Why goodgraphics.js exists

goodgraphics.js is an open-source library for scripting SVGs that serves as the primary tool for creating digital artwork.
Short Answer
The motivation stems from desiring a tool that evolves alongside artistic growth. As the practice develops, so does the tool's capabilities. This mirrors Marshall McLuhan's observation: "We Shape Our Tools, and Thereafter Our Tools Shape Us."
Long Answer
Drawing from Tobias Revell's lecture "Computers Making Pictures," a critical insight emerges: "the standardization of software through defaults, presets and templates limits our ability to image new things with them" and grants those controlling such tools significant influence over visual culture.
The creative coding landscape offers powerful options—p5.js, d3.js, three.js—yet they all present the same constraint: lack of ownership. Building on someone else's abstractions means accepting their worldview embedded within the tool itself. The lecture illustrates this through animation history, noting research gaps in rendering non-wavy hair textures. While this artwork pursues different questions, the principle applies: maintaining creative autonomy over design decisions.

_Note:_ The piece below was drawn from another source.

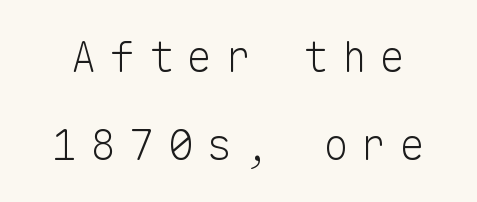
{"serif": "no", "italic": "no", "bold": "no", "weight": "light", "width": "normal", "stroke_contrast": "low", "x_height": "medium", "monospaced": "yes", "underline": "no", "line_spacing": "loose", "line_spacing_ratio": 2.09, "letter_spacing": "wide", "letter_spacing_em": 0.32, "glyph_px": 42}
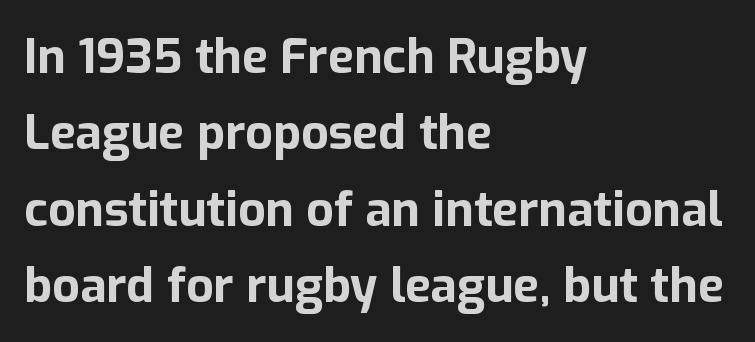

Key advantages of tool ownership:
- Full domain over capabilities and limitations
- Freedom from compatibility concerns during software updates
- Flexibility to output beyond browsers (posters, PNGs, zines, GIFs)
- Integration possibilities like "click to tweet" features
- Creative autonomy without forcing incompatible tools
Ultimately, maintaining a personally-owned computational space provides autonomy to experiment without external constraints.